ABOUT THIS TASK.
Reproduce the listing in its entirety. Do not reproduce the pictures.

+ + + +

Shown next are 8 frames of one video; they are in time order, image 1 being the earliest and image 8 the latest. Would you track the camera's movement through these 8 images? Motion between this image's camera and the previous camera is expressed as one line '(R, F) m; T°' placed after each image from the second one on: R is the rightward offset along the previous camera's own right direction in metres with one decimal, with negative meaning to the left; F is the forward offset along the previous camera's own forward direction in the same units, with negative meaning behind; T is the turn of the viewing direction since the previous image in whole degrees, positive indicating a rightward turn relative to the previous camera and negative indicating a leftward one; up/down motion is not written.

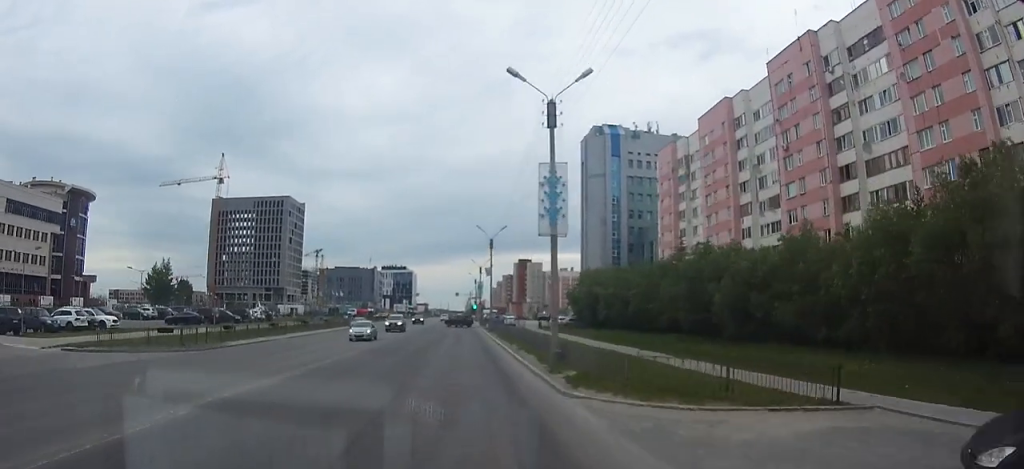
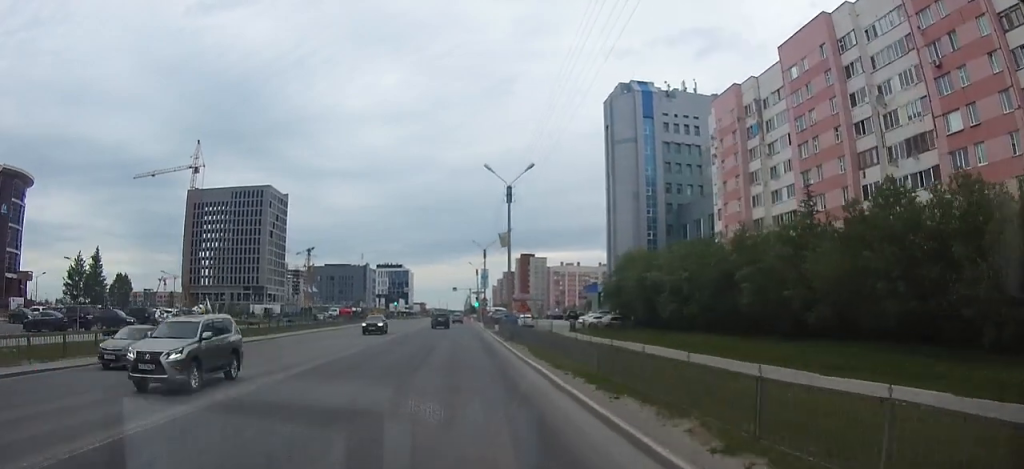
(0.0, +24.8) m; 0°
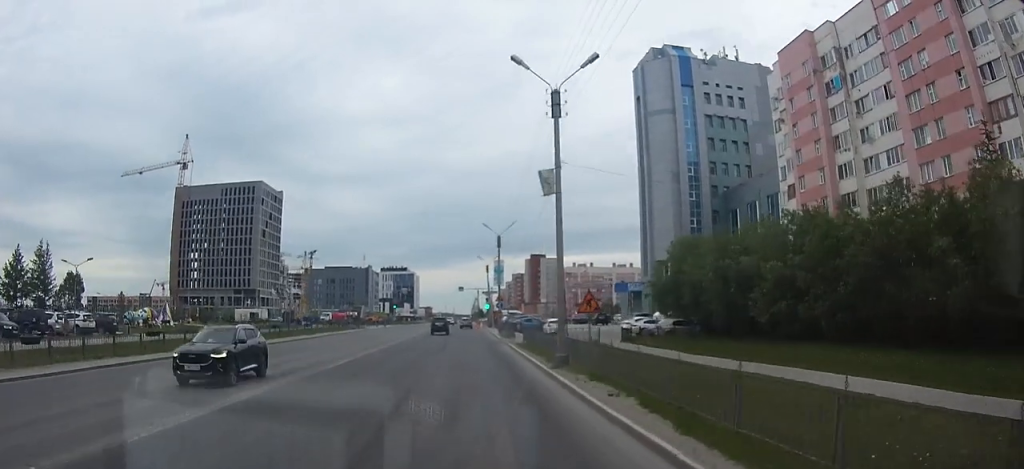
(-0.1, +16.8) m; 0°
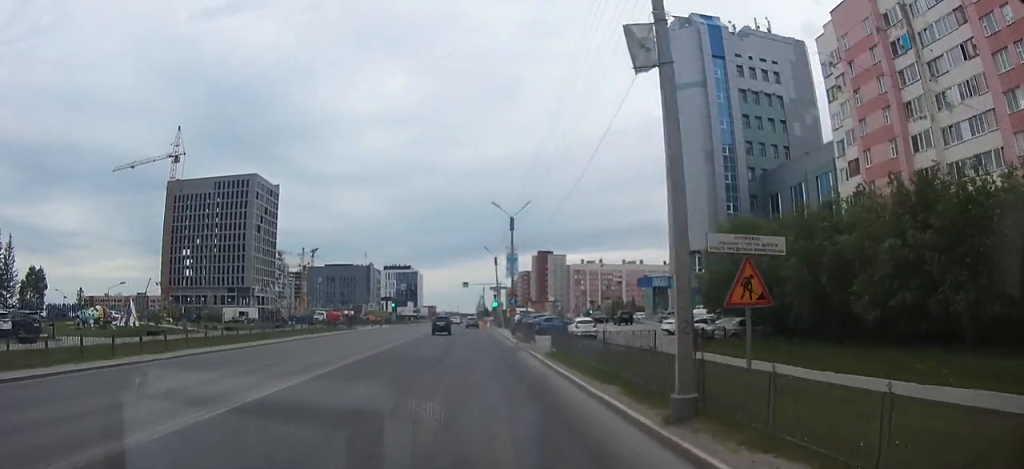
(0.0, +10.6) m; 0°
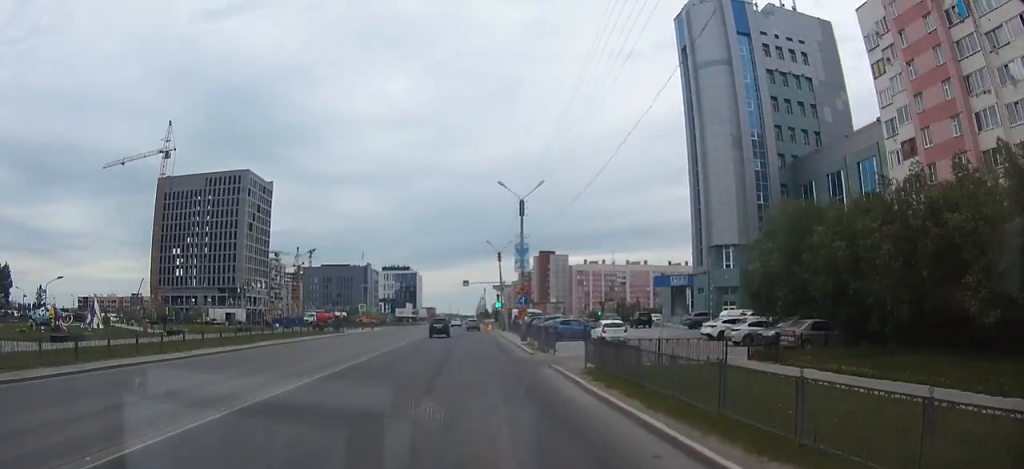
(0.0, +8.1) m; 0°
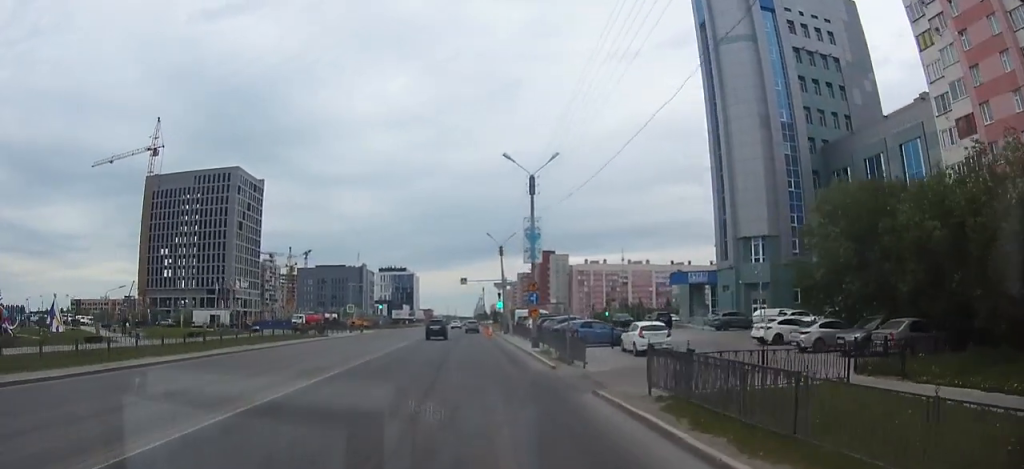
(0.0, +7.6) m; 0°
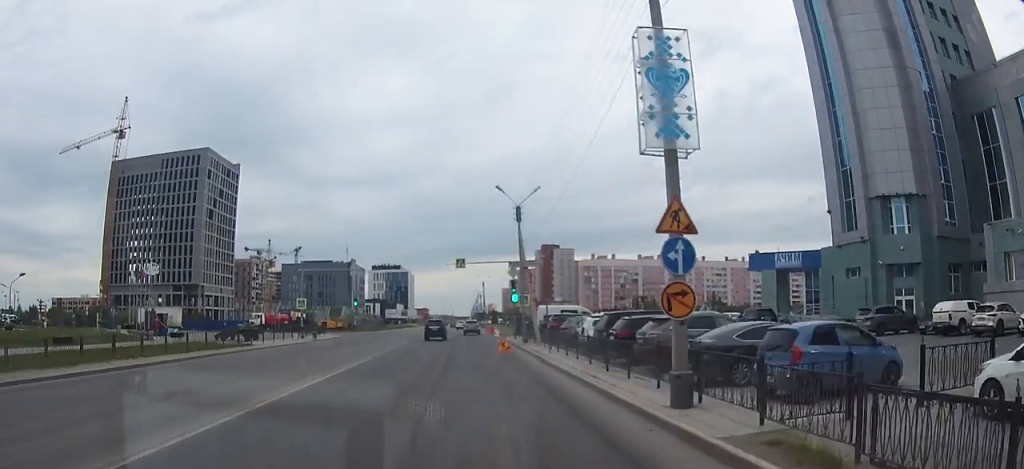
(0.0, +22.6) m; 0°
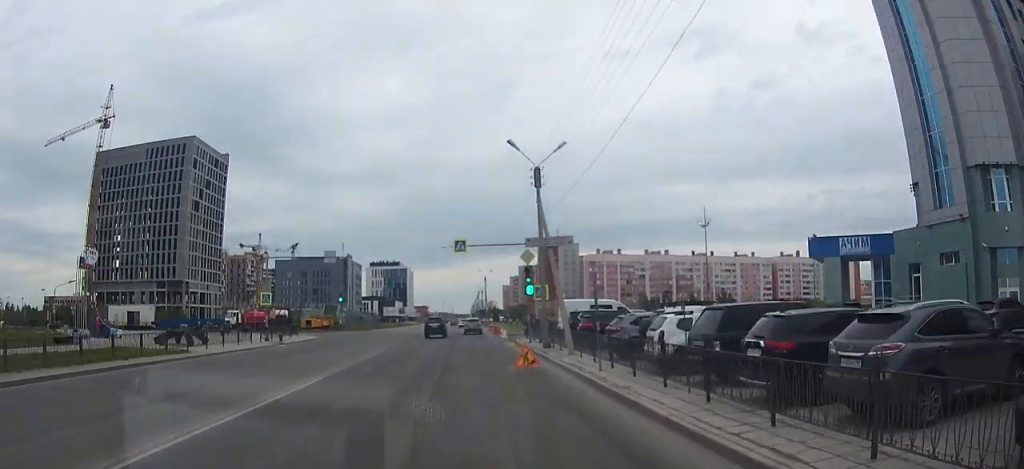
(0.0, +10.4) m; 0°

+ + + +

RESULT OF THE EXERCISE.
Shown next are 8 frames of one video; they are in time order, image 1 being the earliest and image 8 the latest. Would you track the camera's movement through these 8 images? Motion between this image's camera and the previous camera is expressed as one line '(R, F) m; T°' placed after each image from the second one on: R is the rightward offset along the previous camera's own right direction in metres with one decimal, with negative meaning to the left; F is the forward offset along the previous camera's own forward direction in the same units, with negative meaning behind; T is the turn of the viewing direction since the previous image in whole degrees, positive indicating a rightward turn relative to the previous camera and negative indicating a leftward one; up/down motion is not written.

(0.0, +24.8) m; 0°
(-0.1, +16.8) m; 0°
(0.0, +10.6) m; 0°
(0.0, +8.1) m; 0°
(0.0, +7.6) m; 0°
(0.0, +22.6) m; 0°
(0.0, +10.4) m; 0°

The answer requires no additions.